Top of DATASET EXTRACT
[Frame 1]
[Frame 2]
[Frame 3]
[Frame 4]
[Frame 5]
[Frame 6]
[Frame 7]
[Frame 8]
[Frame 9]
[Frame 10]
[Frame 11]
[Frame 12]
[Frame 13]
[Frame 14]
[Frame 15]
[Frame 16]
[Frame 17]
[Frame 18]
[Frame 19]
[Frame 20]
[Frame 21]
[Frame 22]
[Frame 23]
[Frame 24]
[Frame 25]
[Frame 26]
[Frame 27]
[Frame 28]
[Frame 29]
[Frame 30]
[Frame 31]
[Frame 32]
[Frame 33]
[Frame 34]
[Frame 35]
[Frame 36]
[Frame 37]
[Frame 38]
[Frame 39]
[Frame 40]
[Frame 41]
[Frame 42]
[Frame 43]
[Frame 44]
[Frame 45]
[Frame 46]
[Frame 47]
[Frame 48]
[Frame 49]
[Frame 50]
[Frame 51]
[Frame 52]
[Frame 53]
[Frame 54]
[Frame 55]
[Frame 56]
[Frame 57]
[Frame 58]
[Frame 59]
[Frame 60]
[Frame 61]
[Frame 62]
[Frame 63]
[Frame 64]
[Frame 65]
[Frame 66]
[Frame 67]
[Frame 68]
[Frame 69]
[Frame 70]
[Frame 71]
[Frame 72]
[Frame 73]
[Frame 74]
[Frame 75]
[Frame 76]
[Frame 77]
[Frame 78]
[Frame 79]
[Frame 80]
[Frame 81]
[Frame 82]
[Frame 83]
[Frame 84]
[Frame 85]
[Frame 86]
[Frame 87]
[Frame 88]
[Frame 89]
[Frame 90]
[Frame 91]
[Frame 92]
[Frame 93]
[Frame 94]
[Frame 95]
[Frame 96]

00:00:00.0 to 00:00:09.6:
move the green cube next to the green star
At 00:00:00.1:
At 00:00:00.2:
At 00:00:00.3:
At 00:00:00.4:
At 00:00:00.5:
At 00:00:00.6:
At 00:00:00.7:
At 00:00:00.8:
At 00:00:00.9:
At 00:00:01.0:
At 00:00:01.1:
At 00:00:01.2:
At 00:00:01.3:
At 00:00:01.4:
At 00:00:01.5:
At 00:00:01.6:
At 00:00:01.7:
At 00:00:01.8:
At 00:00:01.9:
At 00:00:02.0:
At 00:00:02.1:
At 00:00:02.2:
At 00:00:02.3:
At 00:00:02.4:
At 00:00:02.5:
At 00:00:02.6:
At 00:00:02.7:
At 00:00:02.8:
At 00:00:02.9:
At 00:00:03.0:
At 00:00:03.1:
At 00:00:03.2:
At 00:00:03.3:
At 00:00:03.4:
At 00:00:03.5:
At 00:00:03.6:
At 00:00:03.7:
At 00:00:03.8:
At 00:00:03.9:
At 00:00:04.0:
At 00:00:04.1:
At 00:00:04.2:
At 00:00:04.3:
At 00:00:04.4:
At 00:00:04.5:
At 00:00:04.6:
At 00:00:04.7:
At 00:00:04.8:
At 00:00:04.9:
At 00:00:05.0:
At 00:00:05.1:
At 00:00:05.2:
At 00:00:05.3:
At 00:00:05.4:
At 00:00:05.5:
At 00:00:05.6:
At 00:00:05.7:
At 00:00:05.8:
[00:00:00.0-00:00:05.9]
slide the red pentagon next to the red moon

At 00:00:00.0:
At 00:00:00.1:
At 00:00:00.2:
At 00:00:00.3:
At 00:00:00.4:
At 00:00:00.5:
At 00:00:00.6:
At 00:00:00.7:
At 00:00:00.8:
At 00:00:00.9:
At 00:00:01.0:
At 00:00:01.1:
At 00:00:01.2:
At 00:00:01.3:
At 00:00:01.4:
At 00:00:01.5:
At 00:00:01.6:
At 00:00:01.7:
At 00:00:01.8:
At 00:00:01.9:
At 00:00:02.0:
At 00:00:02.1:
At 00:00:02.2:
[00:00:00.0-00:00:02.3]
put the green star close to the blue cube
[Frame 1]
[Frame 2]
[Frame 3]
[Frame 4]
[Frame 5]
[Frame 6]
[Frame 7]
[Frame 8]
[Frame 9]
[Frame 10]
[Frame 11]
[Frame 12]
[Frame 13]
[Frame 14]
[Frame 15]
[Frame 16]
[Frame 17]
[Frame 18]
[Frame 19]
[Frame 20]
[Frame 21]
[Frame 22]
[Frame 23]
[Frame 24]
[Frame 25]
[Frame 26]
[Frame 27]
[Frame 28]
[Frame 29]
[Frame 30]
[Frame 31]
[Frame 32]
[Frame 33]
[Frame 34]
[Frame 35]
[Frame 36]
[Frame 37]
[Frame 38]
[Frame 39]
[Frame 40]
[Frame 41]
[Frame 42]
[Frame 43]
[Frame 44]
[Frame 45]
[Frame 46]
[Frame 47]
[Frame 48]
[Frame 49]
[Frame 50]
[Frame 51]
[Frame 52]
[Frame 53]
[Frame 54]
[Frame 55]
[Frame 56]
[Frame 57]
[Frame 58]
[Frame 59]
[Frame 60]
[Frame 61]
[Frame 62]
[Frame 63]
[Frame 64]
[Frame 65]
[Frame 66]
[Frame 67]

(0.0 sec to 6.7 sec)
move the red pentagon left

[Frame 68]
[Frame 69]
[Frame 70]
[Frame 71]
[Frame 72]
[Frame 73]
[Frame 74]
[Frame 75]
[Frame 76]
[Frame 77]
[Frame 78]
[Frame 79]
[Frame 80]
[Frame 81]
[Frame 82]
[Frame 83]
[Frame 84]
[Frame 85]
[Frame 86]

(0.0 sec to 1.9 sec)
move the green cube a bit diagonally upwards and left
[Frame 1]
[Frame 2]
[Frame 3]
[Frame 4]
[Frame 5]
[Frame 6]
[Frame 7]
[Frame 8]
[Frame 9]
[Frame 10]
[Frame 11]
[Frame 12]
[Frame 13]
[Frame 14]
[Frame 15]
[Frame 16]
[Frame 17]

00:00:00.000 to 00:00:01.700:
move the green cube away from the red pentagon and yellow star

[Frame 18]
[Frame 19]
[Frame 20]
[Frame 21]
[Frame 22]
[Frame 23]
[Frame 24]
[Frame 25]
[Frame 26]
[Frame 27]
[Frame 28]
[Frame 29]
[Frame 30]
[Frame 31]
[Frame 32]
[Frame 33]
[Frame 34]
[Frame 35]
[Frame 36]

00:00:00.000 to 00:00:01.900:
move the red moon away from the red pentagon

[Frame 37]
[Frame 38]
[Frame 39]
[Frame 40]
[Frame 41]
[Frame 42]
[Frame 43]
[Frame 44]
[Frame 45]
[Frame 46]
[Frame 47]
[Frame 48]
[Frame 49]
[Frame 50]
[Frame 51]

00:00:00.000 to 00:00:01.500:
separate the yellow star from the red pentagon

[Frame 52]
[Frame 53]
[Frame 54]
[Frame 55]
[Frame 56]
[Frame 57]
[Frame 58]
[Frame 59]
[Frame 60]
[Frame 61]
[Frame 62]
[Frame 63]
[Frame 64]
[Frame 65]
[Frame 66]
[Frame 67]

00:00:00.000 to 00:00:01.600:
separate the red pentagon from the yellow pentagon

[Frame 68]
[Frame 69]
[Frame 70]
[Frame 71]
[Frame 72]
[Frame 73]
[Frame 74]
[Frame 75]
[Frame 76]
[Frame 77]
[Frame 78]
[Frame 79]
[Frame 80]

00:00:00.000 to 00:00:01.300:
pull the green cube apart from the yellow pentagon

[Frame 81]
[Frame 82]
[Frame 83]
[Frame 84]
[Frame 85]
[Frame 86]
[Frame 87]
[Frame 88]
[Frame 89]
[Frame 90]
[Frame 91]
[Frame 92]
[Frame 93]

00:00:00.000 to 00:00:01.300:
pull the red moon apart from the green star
Bottom of DATASET EXTRACT
> [HOW TO COMPLETE THIS TASK]: Each line of the records above must be copied exactly.

> [THE COMPLETED TASK]:
[Frame 1]
[Frame 2]
[Frame 3]
[Frame 4]
[Frame 5]
[Frame 6]
[Frame 7]
[Frame 8]
[Frame 9]
[Frame 10]
[Frame 11]
[Frame 12]
[Frame 13]
[Frame 14]
[Frame 15]
[Frame 16]
[Frame 17]
[Frame 18]
[Frame 19]
[Frame 20]
[Frame 21]
[Frame 22]
[Frame 23]
[Frame 24]
[Frame 25]
[Frame 26]
[Frame 27]
[Frame 28]
[Frame 29]
[Frame 30]
[Frame 31]
[Frame 32]
[Frame 33]
[Frame 34]
[Frame 35]
[Frame 36]
[Frame 37]
[Frame 38]
[Frame 39]
[Frame 40]
[Frame 41]
[Frame 42]
[Frame 43]
[Frame 44]
[Frame 45]
[Frame 46]
[Frame 47]
[Frame 48]
[Frame 49]
[Frame 50]
[Frame 51]
[Frame 52]
[Frame 53]
[Frame 54]
[Frame 55]
[Frame 56]
[Frame 57]
[Frame 58]
[Frame 59]
[Frame 60]
[Frame 61]
[Frame 62]
[Frame 63]
[Frame 64]
[Frame 65]
[Frame 66]
[Frame 67]
[Frame 68]
[Frame 69]
[Frame 70]
[Frame 71]
[Frame 72]
[Frame 73]
[Frame 74]
[Frame 75]
[Frame 76]
[Frame 77]
[Frame 78]
[Frame 79]
[Frame 80]
[Frame 81]
[Frame 82]
[Frame 83]
[Frame 84]
[Frame 85]
[Frame 86]
[Frame 87]
[Frame 88]
[Frame 89]
[Frame 90]
[Frame 91]
[Frame 92]
[Frame 93]
[Frame 94]
[Frame 95]
[Frame 96]

00:00:00.0 to 00:00:09.6:
move the green cube next to the green star
At 00:00:00.1:
At 00:00:00.2:
At 00:00:00.3:
At 00:00:00.4:
At 00:00:00.5:
At 00:00:00.6:
At 00:00:00.7:
At 00:00:00.8:
At 00:00:00.9:
At 00:00:01.0:
At 00:00:01.1:
At 00:00:01.2:
At 00:00:01.3:
At 00:00:01.4:
At 00:00:01.5:
At 00:00:01.6:
At 00:00:01.7:
At 00:00:01.8:
At 00:00:01.9:
At 00:00:02.0:
At 00:00:02.1:
At 00:00:02.2:
At 00:00:02.3:
At 00:00:02.4:
At 00:00:02.5:
At 00:00:02.6:
At 00:00:02.7:
At 00:00:02.8:
At 00:00:02.9:
At 00:00:03.0:
At 00:00:03.1:
At 00:00:03.2:
At 00:00:03.3:
At 00:00:03.4:
At 00:00:03.5:
At 00:00:03.6:
At 00:00:03.7:
At 00:00:03.8:
At 00:00:03.9:
At 00:00:04.0:
At 00:00:04.1:
At 00:00:04.2:
At 00:00:04.3:
At 00:00:04.4:
At 00:00:04.5:
At 00:00:04.6:
At 00:00:04.7:
At 00:00:04.8:
At 00:00:04.9:
At 00:00:05.0:
At 00:00:05.1:
At 00:00:05.2:
At 00:00:05.3:
At 00:00:05.4:
At 00:00:05.5:
At 00:00:05.6:
At 00:00:05.7:
At 00:00:05.8:
[00:00:00.0-00:00:05.9]
slide the red pentagon next to the red moon

At 00:00:00.0:
At 00:00:00.1:
At 00:00:00.2:
At 00:00:00.3:
At 00:00:00.4:
At 00:00:00.5:
At 00:00:00.6:
At 00:00:00.7:
At 00:00:00.8:
At 00:00:00.9:
At 00:00:01.0:
At 00:00:01.1:
At 00:00:01.2:
At 00:00:01.3:
At 00:00:01.4:
At 00:00:01.5:
At 00:00:01.6:
At 00:00:01.7:
At 00:00:01.8:
At 00:00:01.9:
At 00:00:02.0:
At 00:00:02.1:
At 00:00:02.2:
[00:00:00.0-00:00:02.3]
put the green star close to the blue cube
[Frame 1]
[Frame 2]
[Frame 3]
[Frame 4]
[Frame 5]
[Frame 6]
[Frame 7]
[Frame 8]
[Frame 9]
[Frame 10]
[Frame 11]
[Frame 12]
[Frame 13]
[Frame 14]
[Frame 15]
[Frame 16]
[Frame 17]
[Frame 18]
[Frame 19]
[Frame 20]
[Frame 21]
[Frame 22]
[Frame 23]
[Frame 24]
[Frame 25]
[Frame 26]
[Frame 27]
[Frame 28]
[Frame 29]
[Frame 30]
[Frame 31]
[Frame 32]
[Frame 33]
[Frame 34]
[Frame 35]
[Frame 36]
[Frame 37]
[Frame 38]
[Frame 39]
[Frame 40]
[Frame 41]
[Frame 42]
[Frame 43]
[Frame 44]
[Frame 45]
[Frame 46]
[Frame 47]
[Frame 48]
[Frame 49]
[Frame 50]
[Frame 51]
[Frame 52]
[Frame 53]
[Frame 54]
[Frame 55]
[Frame 56]
[Frame 57]
[Frame 58]
[Frame 59]
[Frame 60]
[Frame 61]
[Frame 62]
[Frame 63]
[Frame 64]
[Frame 65]
[Frame 66]
[Frame 67]

(0.0 sec to 6.7 sec)
move the red pentagon left

[Frame 68]
[Frame 69]
[Frame 70]
[Frame 71]
[Frame 72]
[Frame 73]
[Frame 74]
[Frame 75]
[Frame 76]
[Frame 77]
[Frame 78]
[Frame 79]
[Frame 80]
[Frame 81]
[Frame 82]
[Frame 83]
[Frame 84]
[Frame 85]
[Frame 86]

(0.0 sec to 1.9 sec)
move the green cube a bit diagonally upwards and left
[Frame 1]
[Frame 2]
[Frame 3]
[Frame 4]
[Frame 5]
[Frame 6]
[Frame 7]
[Frame 8]
[Frame 9]
[Frame 10]
[Frame 11]
[Frame 12]
[Frame 13]
[Frame 14]
[Frame 15]
[Frame 16]
[Frame 17]

00:00:00.000 to 00:00:01.700:
move the green cube away from the red pentagon and yellow star

[Frame 18]
[Frame 19]
[Frame 20]
[Frame 21]
[Frame 22]
[Frame 23]
[Frame 24]
[Frame 25]
[Frame 26]
[Frame 27]
[Frame 28]
[Frame 29]
[Frame 30]
[Frame 31]
[Frame 32]
[Frame 33]
[Frame 34]
[Frame 35]
[Frame 36]

00:00:00.000 to 00:00:01.900:
move the red moon away from the red pentagon

[Frame 37]
[Frame 38]
[Frame 39]
[Frame 40]
[Frame 41]
[Frame 42]
[Frame 43]
[Frame 44]
[Frame 45]
[Frame 46]
[Frame 47]
[Frame 48]
[Frame 49]
[Frame 50]
[Frame 51]

00:00:00.000 to 00:00:01.500:
separate the yellow star from the red pentagon

[Frame 52]
[Frame 53]
[Frame 54]
[Frame 55]
[Frame 56]
[Frame 57]
[Frame 58]
[Frame 59]
[Frame 60]
[Frame 61]
[Frame 62]
[Frame 63]
[Frame 64]
[Frame 65]
[Frame 66]
[Frame 67]

00:00:00.000 to 00:00:01.600:
separate the red pentagon from the yellow pentagon

[Frame 68]
[Frame 69]
[Frame 70]
[Frame 71]
[Frame 72]
[Frame 73]
[Frame 74]
[Frame 75]
[Frame 76]
[Frame 77]
[Frame 78]
[Frame 79]
[Frame 80]

00:00:00.000 to 00:00:01.300:
pull the green cube apart from the yellow pentagon

[Frame 81]
[Frame 82]
[Frame 83]
[Frame 84]
[Frame 85]
[Frame 86]
[Frame 87]
[Frame 88]
[Frame 89]
[Frame 90]
[Frame 91]
[Frame 92]
[Frame 93]

00:00:00.000 to 00:00:01.300:
pull the red moon apart from the green star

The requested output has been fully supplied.